WASHINGTON, Nov. 6, 2001 -- An operation that deceptively sells its gold card by representing that it is a MasterCard or Visa has been shut down by a U. S. District Court at the request of the Federal Trade Commission.

According to the FTC, the defendants enticed consumers who had negative credit histories with promises of high credit limits and zero percent interest rates. Instead, the "merchant card" they provided only allowed users to purchase items from the defendants' Web sites or catalogs. The defendants' assets have been frozen and a receiver has been appointed pending trial on FTC charges that the scheme violates federal law.

The FTC complaint names Salyon, Inc., d/b/a First Liberty Financial, Salyon National Credit, Shop Salyon, Quicklinks.com, and their principals, Mark Joseph Lyon, John Donald Lyon, and Kurt Charles Uhler. The defendants are based in Aliso Viejo, California and Lake Forest, California.

The FTC alleged that the defendants targeted consumers with negative credit histories, using pitches like, "You can re-establish your good credit!" and "Account Status: APPROVED GOLD CARD." For fees ranging from $49 to $64, the defendants offered "pre-approved" credit cards with $15,000 credit limits, and zero percent interest rates for the first year.

Their mailings claimed that consumers who posted a favorable payment history with the new card would have these payment histories reported to the three major credit reporting agencies.
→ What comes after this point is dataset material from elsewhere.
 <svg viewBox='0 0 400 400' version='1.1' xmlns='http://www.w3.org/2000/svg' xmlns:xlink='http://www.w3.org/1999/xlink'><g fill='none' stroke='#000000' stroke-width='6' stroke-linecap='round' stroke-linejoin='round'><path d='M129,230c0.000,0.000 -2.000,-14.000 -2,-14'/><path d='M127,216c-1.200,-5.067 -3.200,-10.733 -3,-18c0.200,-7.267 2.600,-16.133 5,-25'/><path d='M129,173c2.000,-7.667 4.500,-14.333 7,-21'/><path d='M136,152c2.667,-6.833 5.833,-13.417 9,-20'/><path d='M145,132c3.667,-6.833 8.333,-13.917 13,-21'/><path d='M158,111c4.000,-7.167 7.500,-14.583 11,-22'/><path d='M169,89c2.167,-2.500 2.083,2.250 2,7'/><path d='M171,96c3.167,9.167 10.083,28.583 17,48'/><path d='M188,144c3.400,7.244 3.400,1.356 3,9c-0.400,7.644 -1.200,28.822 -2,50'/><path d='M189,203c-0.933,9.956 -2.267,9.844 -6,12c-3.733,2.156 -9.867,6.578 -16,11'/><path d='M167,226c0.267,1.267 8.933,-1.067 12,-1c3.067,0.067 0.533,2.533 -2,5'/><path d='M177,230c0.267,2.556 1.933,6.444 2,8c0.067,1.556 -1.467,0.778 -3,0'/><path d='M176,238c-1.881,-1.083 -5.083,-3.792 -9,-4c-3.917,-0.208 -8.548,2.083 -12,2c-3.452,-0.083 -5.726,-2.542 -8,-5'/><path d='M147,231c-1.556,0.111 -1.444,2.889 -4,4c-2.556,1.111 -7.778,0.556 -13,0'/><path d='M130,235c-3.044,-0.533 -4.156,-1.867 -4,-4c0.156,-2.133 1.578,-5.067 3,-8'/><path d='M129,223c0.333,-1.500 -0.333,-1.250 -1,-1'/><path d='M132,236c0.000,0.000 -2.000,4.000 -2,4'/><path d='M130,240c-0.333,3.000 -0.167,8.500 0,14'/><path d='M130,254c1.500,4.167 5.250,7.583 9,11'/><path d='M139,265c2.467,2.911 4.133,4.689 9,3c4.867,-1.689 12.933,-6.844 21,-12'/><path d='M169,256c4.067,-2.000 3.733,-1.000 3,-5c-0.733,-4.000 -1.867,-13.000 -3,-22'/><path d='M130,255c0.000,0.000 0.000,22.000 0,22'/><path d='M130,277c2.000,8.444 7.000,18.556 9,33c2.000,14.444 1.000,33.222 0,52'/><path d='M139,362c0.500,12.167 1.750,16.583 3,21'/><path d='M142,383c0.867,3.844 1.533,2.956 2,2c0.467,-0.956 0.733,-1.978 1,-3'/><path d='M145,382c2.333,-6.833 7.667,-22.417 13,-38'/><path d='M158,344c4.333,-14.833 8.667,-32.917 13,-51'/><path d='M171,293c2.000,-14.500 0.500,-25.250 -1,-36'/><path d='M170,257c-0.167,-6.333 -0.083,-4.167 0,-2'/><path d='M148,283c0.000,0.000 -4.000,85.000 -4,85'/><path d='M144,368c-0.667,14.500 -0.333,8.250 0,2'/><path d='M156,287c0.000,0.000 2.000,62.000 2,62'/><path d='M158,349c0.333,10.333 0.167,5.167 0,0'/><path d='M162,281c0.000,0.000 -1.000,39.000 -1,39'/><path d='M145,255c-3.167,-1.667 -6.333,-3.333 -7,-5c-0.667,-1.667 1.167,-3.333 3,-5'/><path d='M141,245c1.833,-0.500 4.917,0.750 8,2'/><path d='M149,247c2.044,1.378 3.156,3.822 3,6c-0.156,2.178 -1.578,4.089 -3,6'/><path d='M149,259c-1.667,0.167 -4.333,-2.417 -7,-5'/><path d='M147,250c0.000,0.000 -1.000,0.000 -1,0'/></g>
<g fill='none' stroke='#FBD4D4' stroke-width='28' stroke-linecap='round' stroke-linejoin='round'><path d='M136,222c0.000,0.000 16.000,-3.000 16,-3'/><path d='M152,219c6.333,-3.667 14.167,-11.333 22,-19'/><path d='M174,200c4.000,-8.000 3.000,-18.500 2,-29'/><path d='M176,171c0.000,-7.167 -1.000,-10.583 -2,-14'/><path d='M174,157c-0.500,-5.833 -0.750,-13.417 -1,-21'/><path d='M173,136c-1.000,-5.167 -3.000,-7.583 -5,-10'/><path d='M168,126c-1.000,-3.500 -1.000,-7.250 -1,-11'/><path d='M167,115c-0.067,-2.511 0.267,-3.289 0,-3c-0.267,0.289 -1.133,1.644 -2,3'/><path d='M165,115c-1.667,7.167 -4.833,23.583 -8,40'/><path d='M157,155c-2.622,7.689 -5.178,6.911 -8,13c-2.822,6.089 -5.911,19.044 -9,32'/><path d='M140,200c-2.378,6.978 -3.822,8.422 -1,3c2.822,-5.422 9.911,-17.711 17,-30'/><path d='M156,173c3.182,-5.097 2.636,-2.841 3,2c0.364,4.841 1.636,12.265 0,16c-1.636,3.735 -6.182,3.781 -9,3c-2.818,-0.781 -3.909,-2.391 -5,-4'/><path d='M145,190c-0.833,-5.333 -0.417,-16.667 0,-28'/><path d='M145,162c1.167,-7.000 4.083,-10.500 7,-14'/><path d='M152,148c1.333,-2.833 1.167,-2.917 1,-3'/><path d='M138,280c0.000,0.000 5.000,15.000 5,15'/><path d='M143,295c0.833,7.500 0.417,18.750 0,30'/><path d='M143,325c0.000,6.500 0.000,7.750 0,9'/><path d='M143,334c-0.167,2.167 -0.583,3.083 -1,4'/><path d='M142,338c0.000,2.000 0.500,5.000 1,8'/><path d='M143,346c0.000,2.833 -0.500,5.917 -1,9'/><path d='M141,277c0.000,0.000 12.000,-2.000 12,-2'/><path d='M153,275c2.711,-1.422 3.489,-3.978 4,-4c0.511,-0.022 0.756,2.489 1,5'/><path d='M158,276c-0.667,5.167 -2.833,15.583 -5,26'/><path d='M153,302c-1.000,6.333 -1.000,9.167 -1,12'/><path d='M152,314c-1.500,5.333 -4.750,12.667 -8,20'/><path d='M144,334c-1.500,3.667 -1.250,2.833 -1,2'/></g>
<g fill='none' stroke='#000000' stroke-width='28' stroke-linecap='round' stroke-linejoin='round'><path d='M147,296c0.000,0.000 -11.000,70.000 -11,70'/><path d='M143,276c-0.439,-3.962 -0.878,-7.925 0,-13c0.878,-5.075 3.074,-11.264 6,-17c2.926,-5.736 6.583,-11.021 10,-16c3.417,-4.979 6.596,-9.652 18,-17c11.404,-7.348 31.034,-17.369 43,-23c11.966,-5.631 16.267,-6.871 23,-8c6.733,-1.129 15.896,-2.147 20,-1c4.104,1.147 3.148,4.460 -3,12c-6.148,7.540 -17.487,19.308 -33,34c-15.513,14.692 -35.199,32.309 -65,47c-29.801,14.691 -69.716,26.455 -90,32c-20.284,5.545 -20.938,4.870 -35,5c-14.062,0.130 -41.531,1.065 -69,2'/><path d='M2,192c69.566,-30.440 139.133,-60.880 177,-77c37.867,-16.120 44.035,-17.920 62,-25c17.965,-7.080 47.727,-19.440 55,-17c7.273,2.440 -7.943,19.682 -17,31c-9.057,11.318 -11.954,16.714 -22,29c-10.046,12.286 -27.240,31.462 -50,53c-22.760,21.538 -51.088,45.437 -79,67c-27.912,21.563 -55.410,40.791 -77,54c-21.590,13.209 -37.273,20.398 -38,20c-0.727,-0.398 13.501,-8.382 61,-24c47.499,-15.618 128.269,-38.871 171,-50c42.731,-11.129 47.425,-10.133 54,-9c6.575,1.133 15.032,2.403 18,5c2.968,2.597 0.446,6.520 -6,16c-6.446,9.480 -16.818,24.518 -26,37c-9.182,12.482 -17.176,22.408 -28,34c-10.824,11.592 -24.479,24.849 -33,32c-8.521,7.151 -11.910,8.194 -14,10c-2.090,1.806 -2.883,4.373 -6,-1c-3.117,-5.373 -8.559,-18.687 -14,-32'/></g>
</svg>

They also claimed that consumers who maintained a favorable payment record would be issued a MasterCard with even better terms -- a lifetime zero percentage rate.

According to the FTC, the defendants failed to disclose that the cards they issued could only be used to purchase items from their own catalogs and Web sites, and that consumers could only charge 30 percent to 50 percent of the purchase price. They had to pay the remainder using a check or money order. Consumers only learned the cards were not full service credit cards after they had paid the defendants, the FTC alleged.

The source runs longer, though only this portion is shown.